For other comments, I will address in new patch

Thanks
                
> Make memstore flush be able to retry after exception
> ----------------------------------------------------
>
>                 Key: HBASE-7507
>                 URL: https://issues.apache.org/jira/browse/HBASE-7507
>             Project: HBase
>          Issue Type: Bug
>    Affects Versions: 0.94.3
>            Reporter: chunhui shen
>            Assignee: chunhui shen
>             Fix For: 0.96.0
>
>         Attachments: 7507-trunk v1.patch
>
>
> We will abort regionserver if memstore flush throws exception.
> I thinks we could do retry to make regionserver more stable because file system may be not ok in a transient time. e.g.
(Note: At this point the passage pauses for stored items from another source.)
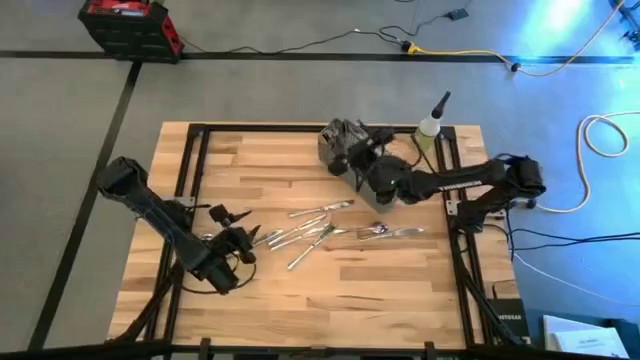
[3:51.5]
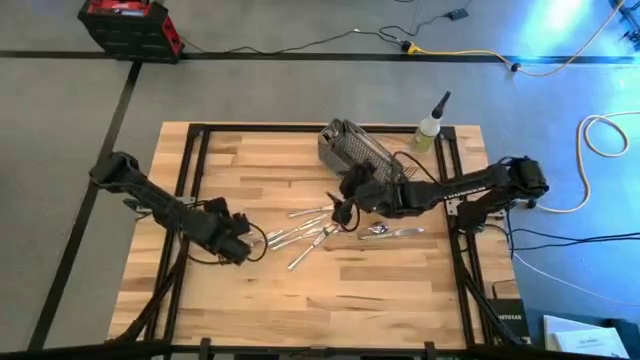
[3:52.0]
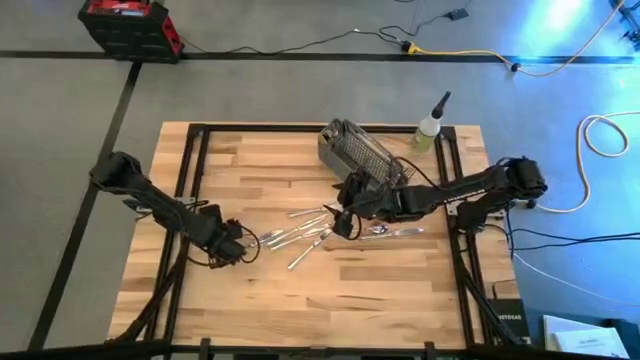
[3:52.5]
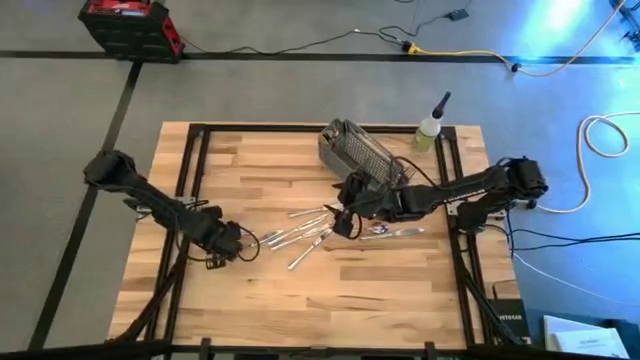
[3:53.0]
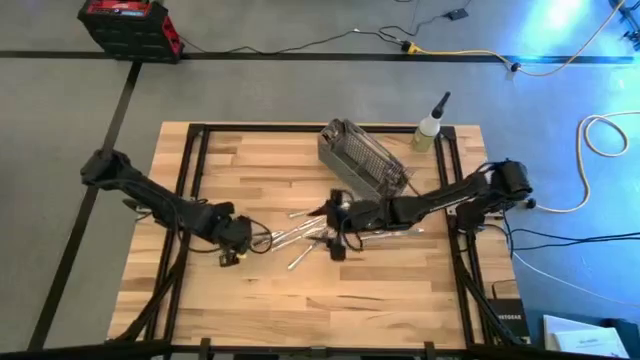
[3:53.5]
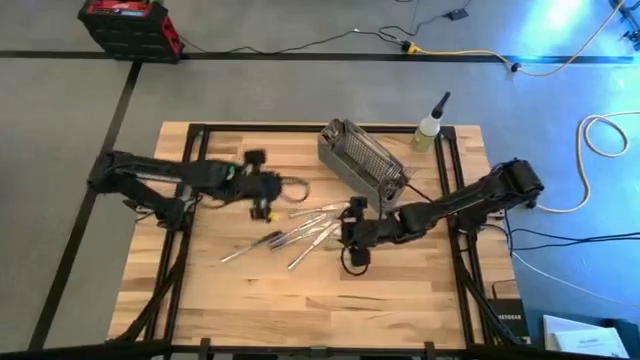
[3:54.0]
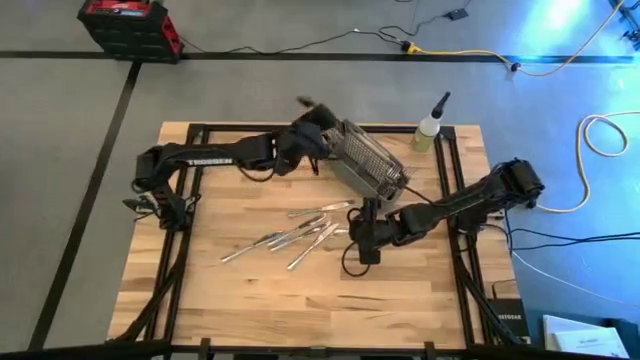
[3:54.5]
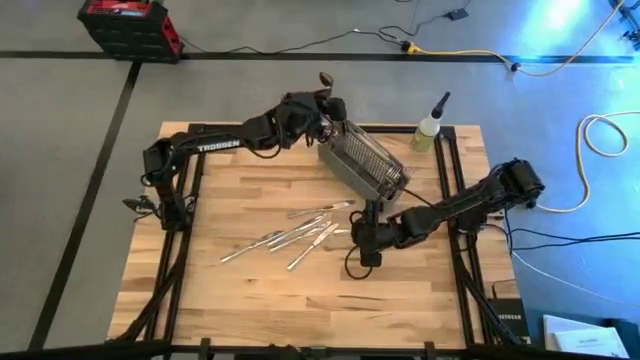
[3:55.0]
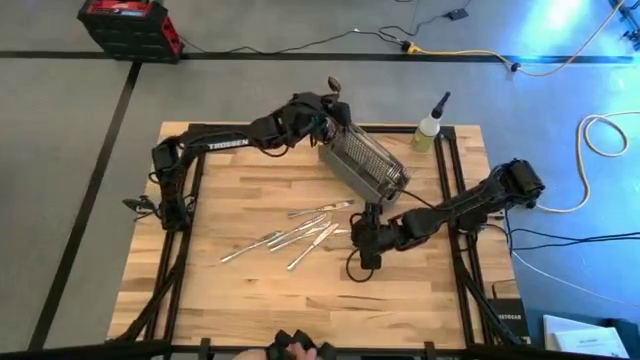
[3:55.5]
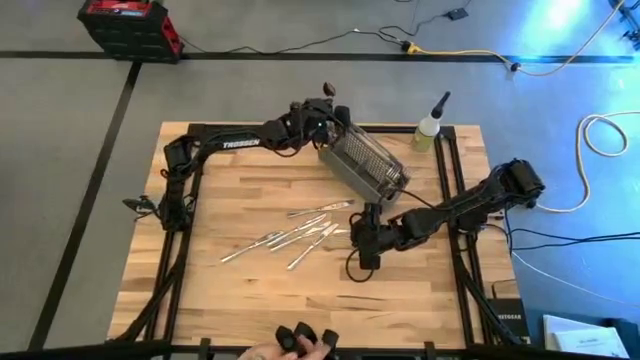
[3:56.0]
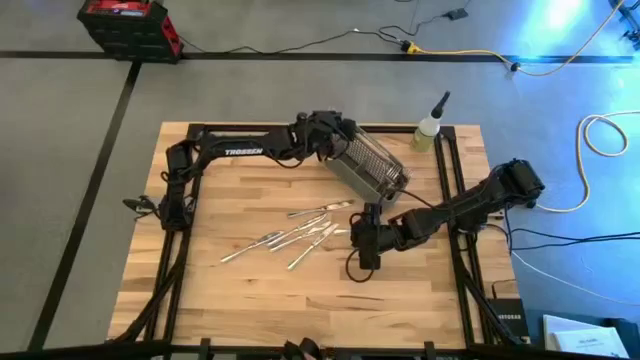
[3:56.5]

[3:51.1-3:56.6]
Put the silver spoon into the gray silverware organizer

Switching namenode in the NamenodeHA environment
> {code}
> HRegion#internalFlushcache(){
> ...
> try {
> ...
> }catch(Throwable t){
> DroppedSnapshotException dse = new DroppedSnapshotException("region: " +
>           Bytes.toStringBinary(getRegionName()));
> dse.initCause(t);
> throw dse;
> }
> ...
> }
> MemStoreFlusher#flushRegion(){
> ...
> region.flushcache();
> ...
>  try {
> }catch(DroppedSnapshotException ex){
> server.abort("Replay of HLog required. Forcing server shutdown", ex);
> }
> ...
> }
> {code}

--
This message is automatically generated by JIRA.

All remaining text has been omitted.